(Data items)
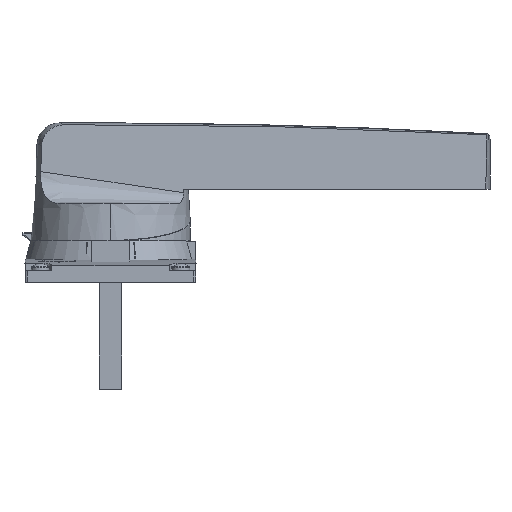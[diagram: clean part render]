
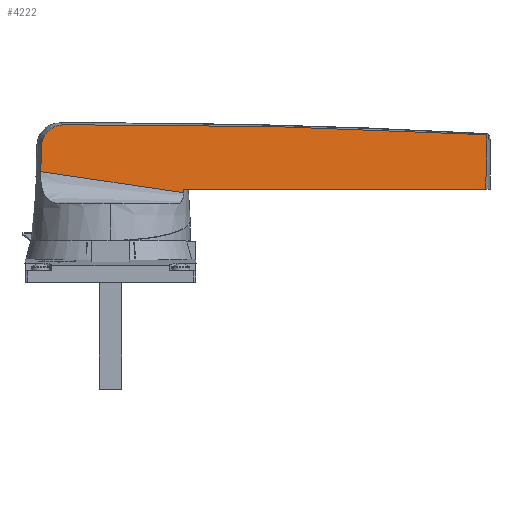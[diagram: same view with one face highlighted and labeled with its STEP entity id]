
A CAD part, front view. The second image highlights one B-rep face of the part: STEP entity #4222.
In plain terms, the highlighted planar face has unit normal (0.02, -0.998, 0.061).
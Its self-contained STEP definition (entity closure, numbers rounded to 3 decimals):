
#4222=ADVANCED_FACE('',(#11020),#11021,.T.);
#8840=VERTEX_POINT('',#15685);
#8844=VERTEX_POINT('',#15689);
#8846=EDGE_CURVE('',#8840,#8844,#15691,.F.);
#8924=VERTEX_POINT('',#15769);
#8928=VERTEX_POINT('',#15773);
#8930=EDGE_CURVE('',#8924,#8928,#15775,.T.);
#8944=EDGE_CURVE('',#8924,#8844,#15789,.T.);
#8946=VERTEX_POINT('',#15791);
#8948=VERTEX_POINT('',#15793);
#8950=EDGE_CURVE('',#8946,#8948,#15795,.T.);
#8952=VERTEX_POINT('',#15797);
#8954=EDGE_CURVE('',#8948,#8952,#15799,.T.);
#8956=EDGE_CURVE('',#8952,#8928,#15801,.T.);
#8958=EDGE_CURVE('',#8840,#8946,#15803,.T.);
#11020=FACE_OUTER_BOUND('',#18468,.T.);
#11021=PLANE('',#18469);
#15685=CARTESIAN_POINT('',(9.858,84.947,114.698));
#15689=CARTESIAN_POINT('',(10.425,85.802,128.494));
#15691=(B_SPLINE_CURVE(2,(#28417,#28418,#28419),.UNSPECIFIED.,.F.,.F.)B_SPLINE_CURVE_WITH_KNOTS((3,3),(1.278,15.112),.UNSPECIFIED.)RATIONAL_B_SPLINE_CURVE((1.,1.,1.))BOUNDED_CURVE()REPRESENTATION_ITEM('')GEOMETRIC_REPRESENTATION_ITEM()CURVE());
#15769=CARTESIAN_POINT('',(22.257,86.701,139.401));
#15773=CARTESIAN_POINT('',(245.138,90.754,134.119));
#15775=B_SPLINE_CURVE_WITH_KNOTS('',3,(#28681,#28682,#28683,#28684,#28685,#28686,#28687,#28688,#28689,#28690),.UNSPECIFIED.,.F.,.F.,(4,2,2,2,4),(11014.967,11032.707,11125.113,11217.518,11222.264),.UNSPECIFIED.);
#15789=B_SPLINE_CURVE_WITH_KNOTS('',3,(#28738,#28739,#28740,#28741,#28742,#28743,#28744,#28745,#28746,#28747,#28748,#28749,#28750,#28751,#28752,#28753),.UNSPECIFIED.,.F.,.F.,(4,3,3,3,3,4),(0.,0.25,0.443,0.666,0.912,1.0),.UNSPECIFIED.);
#15791=CARTESIAN_POINT('',(85.029,85.742,103.568));
#15793=CARTESIAN_POINT('',(84.952,85.852,105.4));
#15795=(B_SPLINE_CURVE(2,(#28761,#28762,#28763),.UNSPECIFIED.,.F.,.F.)B_SPLINE_CURVE_WITH_KNOTS((3,3),(1.265,3.102),.UNSPECIFIED.)RATIONAL_B_SPLINE_CURVE((1.,1.,1.))BOUNDED_CURVE()REPRESENTATION_ITEM('')GEOMETRIC_REPRESENTATION_ITEM()CURVE());
#15797=CARTESIAN_POINT('',(244.441,88.984,105.4));
#15799=LINE('',#28774,#28775);
#15801=ELLIPSE('',#28778,450.875,27.52);
#15803=LINE('',#28781,#28782);
#18468=EDGE_LOOP('',(#35218,#35219,#35220,#35221,#35222,#35223,#35224));
#18469=AXIS2_PLACEMENT_3D('',#35225,#35226,#35227);
#28417=CARTESIAN_POINT('',(10.425,85.802,128.494));
#28418=CARTESIAN_POINT('',(10.141,85.378,121.651));
#28419=CARTESIAN_POINT('',(9.858,84.947,114.698));
#28681=CARTESIAN_POINT('',(22.257,86.701,139.401));
#28682=CARTESIAN_POINT('',(28.554,86.827,139.439));
#28683=CARTESIAN_POINT('',(34.858,86.952,139.462));
#28684=CARTESIAN_POINT('',(74.038,87.724,139.502));
#28685=CARTESIAN_POINT('',(107.079,88.348,139.102));
#28686=CARTESIAN_POINT('',(173.393,89.547,137.413));
#28687=CARTESIAN_POINT('',(206.667,90.122,136.126));
#28688=CARTESIAN_POINT('',(241.714,90.698,134.301));
#28689=CARTESIAN_POINT('',(243.426,90.726,134.21));
#28690=CARTESIAN_POINT('',(245.138,90.754,134.119));
#28738=CARTESIAN_POINT('',(22.257,86.701,139.401));
#28739=CARTESIAN_POINT('',(20.773,86.671,139.392));
#28740=CARTESIAN_POINT('',(19.286,86.627,139.137));
#28741=CARTESIAN_POINT('',(17.893,86.568,138.622));
#28742=CARTESIAN_POINT('',(16.821,86.522,138.226));
#28743=CARTESIAN_POINT('',(15.803,86.469,137.677));
#28744=CARTESIAN_POINT('',(14.89,86.409,136.99));
#28745=CARTESIAN_POINT('',(13.831,86.339,136.193));
#28746=CARTESIAN_POINT('',(12.913,86.261,135.211));
#28747=CARTESIAN_POINT('',(12.195,86.179,134.098));
#28748=CARTESIAN_POINT('',(11.405,86.089,132.873));
#28749=CARTESIAN_POINT('',(10.861,85.994,131.492));
#28750=CARTESIAN_POINT('',(10.599,85.901,130.058));
#28751=CARTESIAN_POINT('',(10.505,85.867,129.541));
#28752=CARTESIAN_POINT('',(10.447,85.834,129.018));
#28753=CARTESIAN_POINT('',(10.425,85.802,128.494));
#28761=CARTESIAN_POINT('',(85.029,85.742,103.568));
#28762=CARTESIAN_POINT('',(84.991,85.797,104.485));
#28763=CARTESIAN_POINT('',(84.952,85.852,105.4));
#28774=CARTESIAN_POINT('',(45.992,85.087,105.4));
#28775=VECTOR('',#37822,1.0);
#28778=AXIS2_PLACEMENT_3D('',#37823,#37824,#37825);
#28781=CARTESIAN_POINT('',(47.533,85.345,109.12));
#28782=VECTOR('',#37826,1.0);
#35218=ORIENTED_EDGE('',*,*,#8950,.T.);
#35219=ORIENTED_EDGE('',*,*,#8954,.T.);
#35220=ORIENTED_EDGE('',*,*,#8956,.T.);
#35221=ORIENTED_EDGE('',*,*,#8930,.F.);
#35222=ORIENTED_EDGE('',*,*,#8944,.T.);
#35223=ORIENTED_EDGE('',*,*,#8846,.F.);
#35224=ORIENTED_EDGE('',*,*,#8958,.T.);
#35225=CARTESIAN_POINT('',(45.992,85.087,105.4));
#35226=DIRECTION('',(0.02,-0.998,0.061));
#35227=DIRECTION('',(0.,0.061,0.998));
#37822=DIRECTION('',(1.,0.02,0.0));
#37823=CARTESIAN_POINT('',(219.2,99.95,292.796));
#37824=DIRECTION('',(0.02,-0.998,0.061));
#37825=DIRECTION('',(0.001,-0.061,-0.998));
#37826=DIRECTION('',(0.989,0.01,-0.146));
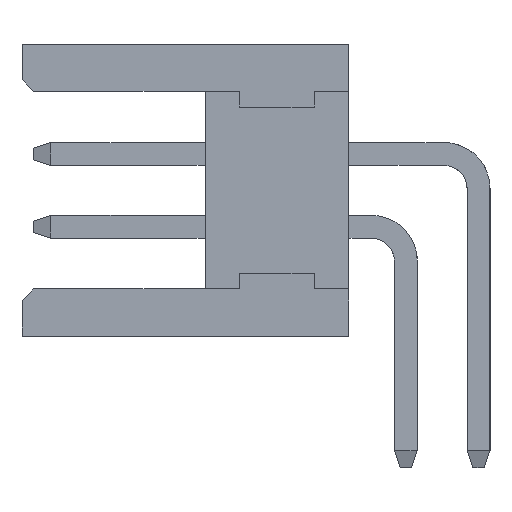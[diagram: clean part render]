
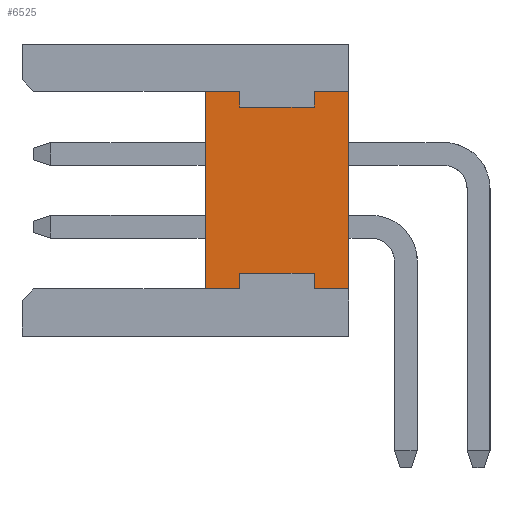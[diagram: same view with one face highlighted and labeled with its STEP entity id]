
A CAD part, left-side view. The second image highlights one B-rep face of the part: STEP entity #6525.
In plain terms, the highlighted planar face has unit normal (-1, 0, 0).
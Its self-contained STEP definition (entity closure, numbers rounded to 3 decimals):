
#675=CARTESIAN_POINT('',(0.,0.,-20.955));
#676=VERTEX_POINT('',#675);
#686=CARTESIAN_POINT('',(0.,0.,-108.585));
#687=VERTEX_POINT('',#686);
#688=CARTESIAN_POINT('',(0.,0.,-20.955));
#689=CARTESIAN_POINT('',(0.,0.,-38.481));
#690=CARTESIAN_POINT('',(0.,0.,-56.007));
#691=CARTESIAN_POINT('',(0.,0.,-73.533));
#692=CARTESIAN_POINT('',(0.,0.,-91.059));
#693=CARTESIAN_POINT('',(0.,0.,-108.585));
#694=B_SPLINE_CURVE_WITH_KNOTS('',5,(#688,#689,#690,#691,#692,#693),.UNSPECIFIED.,.F.,.U.,(6,6),(0.,3.45),.UNSPECIFIED.);
#695=EDGE_CURVE('',#676,#687,#694,.T.);
#6383=CARTESIAN_POINT('',(0.,15.24,-20.955));
#6384=VERTEX_POINT('',#6383);
#6394=CARTESIAN_POINT('',(0.,15.24,-20.955));
#6395=CARTESIAN_POINT('',(0.,12.192,-20.955));
#6396=CARTESIAN_POINT('',(0.,9.144,-20.955));
#6397=CARTESIAN_POINT('',(0.,6.096,-20.955));
#6398=CARTESIAN_POINT('',(0.,3.048,-20.955));
#6399=CARTESIAN_POINT('',(0.,0.,-20.955));
#6400=B_SPLINE_CURVE_WITH_KNOTS('',5,(#6394,#6395,#6396,#6397,#6398,#6399),.UNSPECIFIED.,.F.,.U.,(6,6),(0.,0.6),.UNSPECIFIED.);
#6401=EDGE_CURVE('',#6384,#676,#6400,.T.);
#6408=CARTESIAN_POINT('',(0.,31.75,-64.77));
#6409=DIRECTION('',(0.,0.,1.));
#6410=DIRECTION('',(-1.,0.,0.));
#6411=AXIS2_PLACEMENT_3D('',#6408,#6410,#6409);
#6412=PLANE('',#6411);
#6413=CARTESIAN_POINT('',(0.,48.26,-101.6));
#6414=VERTEX_POINT('',#6413);
#6415=CARTESIAN_POINT('',(0.,15.24,-101.6));
#6416=VERTEX_POINT('',#6415);
#6417=CARTESIAN_POINT('',(0.,48.26,-101.6));
#6418=CARTESIAN_POINT('',(0.,41.656,-101.6));
#6419=CARTESIAN_POINT('',(0.,35.052,-101.6));
#6420=CARTESIAN_POINT('',(0.,28.448,-101.6));
#6421=CARTESIAN_POINT('',(0.,21.844,-101.6));
#6422=CARTESIAN_POINT('',(0.,15.24,-101.6));
#6423=B_SPLINE_CURVE_WITH_KNOTS('',5,(#6417,#6418,#6419,#6420,#6421,#6422),.UNSPECIFIED.,.F.,.U.,(6,6),(0.,1.3),.UNSPECIFIED.);
#6424=EDGE_CURVE('',#6414,#6416,#6423,.T.);
#6425=ORIENTED_EDGE('',*,*,#6424,.T.);
#6426=CARTESIAN_POINT('',(0.,15.24,-108.585));
#6427=VERTEX_POINT('',#6426);
#6428=CARTESIAN_POINT('',(0.,15.24,-101.6));
#6429=CARTESIAN_POINT('',(0.,15.24,-102.997));
#6430=CARTESIAN_POINT('',(0.,15.24,-104.394));
#6431=CARTESIAN_POINT('',(0.,15.24,-105.791));
#6432=CARTESIAN_POINT('',(0.,15.24,-107.188));
#6433=CARTESIAN_POINT('',(0.,15.24,-108.585));
#6434=B_SPLINE_CURVE_WITH_KNOTS('',5,(#6428,#6429,#6430,#6431,#6432,#6433),.UNSPECIFIED.,.F.,.U.,(6,6),(0.,0.275),.UNSPECIFIED.);
#6435=EDGE_CURVE('',#6416,#6427,#6434,.T.);
#6436=ORIENTED_EDGE('',*,*,#6435,.T.);
#6437=CARTESIAN_POINT('',(0.,15.24,-108.585));
#6438=CARTESIAN_POINT('',(0.,12.192,-108.585));
#6439=CARTESIAN_POINT('',(0.,9.144,-108.585));
#6440=CARTESIAN_POINT('',(0.,6.096,-108.585));
#6441=CARTESIAN_POINT('',(0.,3.048,-108.585));
#6442=CARTESIAN_POINT('',(0.,0.,-108.585));
#6443=B_SPLINE_CURVE_WITH_KNOTS('',5,(#6437,#6438,#6439,#6440,#6441,#6442),.UNSPECIFIED.,.F.,.U.,(6,6),(0.,0.6),.UNSPECIFIED.);
#6444=EDGE_CURVE('',#6427,#687,#6443,.T.);
#6445=ORIENTED_EDGE('',*,*,#6444,.T.);
#6446=ORIENTED_EDGE('',*,*,#695,.F.);
#6447=ORIENTED_EDGE('',*,*,#6401,.F.);
#6448=CARTESIAN_POINT('',(0.,15.24,-27.94));
#6449=VERTEX_POINT('',#6448);
#6450=CARTESIAN_POINT('',(0.,15.24,-20.955));
#6451=CARTESIAN_POINT('',(0.,15.24,-22.352));
#6452=CARTESIAN_POINT('',(0.,15.24,-23.749));
#6453=CARTESIAN_POINT('',(0.,15.24,-25.146));
#6454=CARTESIAN_POINT('',(0.,15.24,-26.543));
#6455=CARTESIAN_POINT('',(0.,15.24,-27.94));
#6456=B_SPLINE_CURVE_WITH_KNOTS('',5,(#6450,#6451,#6452,#6453,#6454,#6455),.UNSPECIFIED.,.F.,.U.,(6,6),(0.,0.275),.UNSPECIFIED.);
#6457=EDGE_CURVE('',#6384,#6449,#6456,.T.);
#6458=ORIENTED_EDGE('',*,*,#6457,.T.);
#6459=CARTESIAN_POINT('',(0.,48.26,-27.94));
#6460=VERTEX_POINT('',#6459);
#6461=CARTESIAN_POINT('',(0.,15.24,-27.94));
#6462=CARTESIAN_POINT('',(0.,21.844,-27.94));
#6463=CARTESIAN_POINT('',(0.,28.448,-27.94));
#6464=CARTESIAN_POINT('',(0.,35.052,-27.94));
#6465=CARTESIAN_POINT('',(0.,41.656,-27.94));
#6466=CARTESIAN_POINT('',(0.,48.26,-27.94));
#6467=B_SPLINE_CURVE_WITH_KNOTS('',5,(#6461,#6462,#6463,#6464,#6465,#6466),.UNSPECIFIED.,.F.,.U.,(6,6),(0.,1.3),.UNSPECIFIED.);
#6468=EDGE_CURVE('',#6449,#6460,#6467,.T.);
#6469=ORIENTED_EDGE('',*,*,#6468,.T.);
#6470=CARTESIAN_POINT('',(0.,48.26,-20.955));
#6471=VERTEX_POINT('',#6470);
#6472=CARTESIAN_POINT('',(0.,48.26,-27.94));
#6473=CARTESIAN_POINT('',(0.,48.26,-26.543));
#6474=CARTESIAN_POINT('',(0.,48.26,-25.146));
#6475=CARTESIAN_POINT('',(0.,48.26,-23.749));
#6476=CARTESIAN_POINT('',(0.,48.26,-22.352));
#6477=CARTESIAN_POINT('',(0.,48.26,-20.955));
#6478=B_SPLINE_CURVE_WITH_KNOTS('',5,(#6472,#6473,#6474,#6475,#6476,#6477),.UNSPECIFIED.,.F.,.U.,(6,6),(0.,0.275),.UNSPECIFIED.);
#6479=EDGE_CURVE('',#6460,#6471,#6478,.T.);
#6480=ORIENTED_EDGE('',*,*,#6479,.T.);
#6481=CARTESIAN_POINT('',(0.,63.5,-20.955));
#6482=VERTEX_POINT('',#6481);
#6483=CARTESIAN_POINT('',(0.,48.26,-20.955));
#6484=CARTESIAN_POINT('',(0.,51.308,-20.955));
#6485=CARTESIAN_POINT('',(0.,54.356,-20.955));
#6486=CARTESIAN_POINT('',(0.,57.404,-20.955));
#6487=CARTESIAN_POINT('',(0.,60.452,-20.955));
#6488=CARTESIAN_POINT('',(0.,63.5,-20.955));
#6489=B_SPLINE_CURVE_WITH_KNOTS('',5,(#6483,#6484,#6485,#6486,#6487,#6488),.UNSPECIFIED.,.F.,.U.,(6,6),(0.,0.6),.UNSPECIFIED.);
#6490=EDGE_CURVE('',#6471,#6482,#6489,.T.);
#6491=ORIENTED_EDGE('',*,*,#6490,.T.);
#6492=CARTESIAN_POINT('',(0.,63.5,-108.585));
#6493=VERTEX_POINT('',#6492);
#6494=CARTESIAN_POINT('',(0.,63.5,-20.955));
#6495=CARTESIAN_POINT('',(0.,63.5,-38.481));
#6496=CARTESIAN_POINT('',(0.,63.5,-56.007));
#6497=CARTESIAN_POINT('',(0.,63.5,-73.533));
#6498=CARTESIAN_POINT('',(0.,63.5,-91.059));
#6499=CARTESIAN_POINT('',(0.,63.5,-108.585));
#6500=B_SPLINE_CURVE_WITH_KNOTS('',5,(#6494,#6495,#6496,#6497,#6498,#6499),.UNSPECIFIED.,.F.,.U.,(6,6),(0.,3.45),.UNSPECIFIED.);
#6501=EDGE_CURVE('',#6482,#6493,#6500,.T.);
#6502=ORIENTED_EDGE('',*,*,#6501,.T.);
#6503=CARTESIAN_POINT('',(0.,48.26,-108.585));
#6504=VERTEX_POINT('',#6503);
#6505=CARTESIAN_POINT('',(0.,63.5,-108.585));
#6506=CARTESIAN_POINT('',(0.,60.452,-108.585));
#6507=CARTESIAN_POINT('',(0.,57.404,-108.585));
#6508=CARTESIAN_POINT('',(0.,54.356,-108.585));
#6509=CARTESIAN_POINT('',(0.,51.308,-108.585));
#6510=CARTESIAN_POINT('',(0.,48.26,-108.585));
#6511=B_SPLINE_CURVE_WITH_KNOTS('',5,(#6505,#6506,#6507,#6508,#6509,#6510),.UNSPECIFIED.,.F.,.U.,(6,6),(0.,0.6),.UNSPECIFIED.);
#6512=EDGE_CURVE('',#6493,#6504,#6511,.T.);
#6513=ORIENTED_EDGE('',*,*,#6512,.T.);
#6514=CARTESIAN_POINT('',(0.,48.26,-108.585));
#6515=CARTESIAN_POINT('',(0.,48.26,-107.188));
#6516=CARTESIAN_POINT('',(0.,48.26,-105.791));
#6517=CARTESIAN_POINT('',(0.,48.26,-104.394));
#6518=CARTESIAN_POINT('',(0.,48.26,-102.997));
#6519=CARTESIAN_POINT('',(0.,48.26,-101.6));
#6520=B_SPLINE_CURVE_WITH_KNOTS('',5,(#6514,#6515,#6516,#6517,#6518,#6519),.UNSPECIFIED.,.F.,.U.,(6,6),(0.,0.275),.UNSPECIFIED.);
#6521=EDGE_CURVE('',#6504,#6414,#6520,.T.);
#6522=ORIENTED_EDGE('',*,*,#6521,.T.);
#6523=EDGE_LOOP('',(#6425,#6436,#6445,#6446,#6447,#6458,#6469,#6480,#6491,#6502,#6513,#6522));
#6524=FACE_OUTER_BOUND('',#6523,.T.);
#6525=ADVANCED_FACE('',(#6524),#6412,.T.);

## Task details
Skip the pictures and quote each line of the entries above, from the first through the line with "#8950=EDGE_CURVE('',#8946,#8948,#15795,.T.);", exactly as it appears.

## Response below
[diagram: clean part render]
[diagram: same view with one face highlighted and labeled with its STEP entity id]
A CAD part, front view. The second image highlights one B-rep face of the part: STEP entity #4222.
In plain terms, the highlighted planar face has unit normal (0.02, -0.998, 0.061).
Its self-contained STEP definition (entity closure, numbers rounded to 3 decimals):
#4222=ADVANCED_FACE('',(#11020),#11021,.T.);
#8840=VERTEX_POINT('',#15685);
#8844=VERTEX_POINT('',#15689);
#8846=EDGE_CURVE('',#8840,#8844,#15691,.F.);
#8924=VERTEX_POINT('',#15769);
#8928=VERTEX_POINT('',#15773);
#8930=EDGE_CURVE('',#8924,#8928,#15775,.T.);
#8944=EDGE_CURVE('',#8924,#8844,#15789,.T.);
#8946=VERTEX_POINT('',#15791);
#8948=VERTEX_POINT('',#15793);
#8950=EDGE_CURVE('',#8946,#8948,#15795,.T.);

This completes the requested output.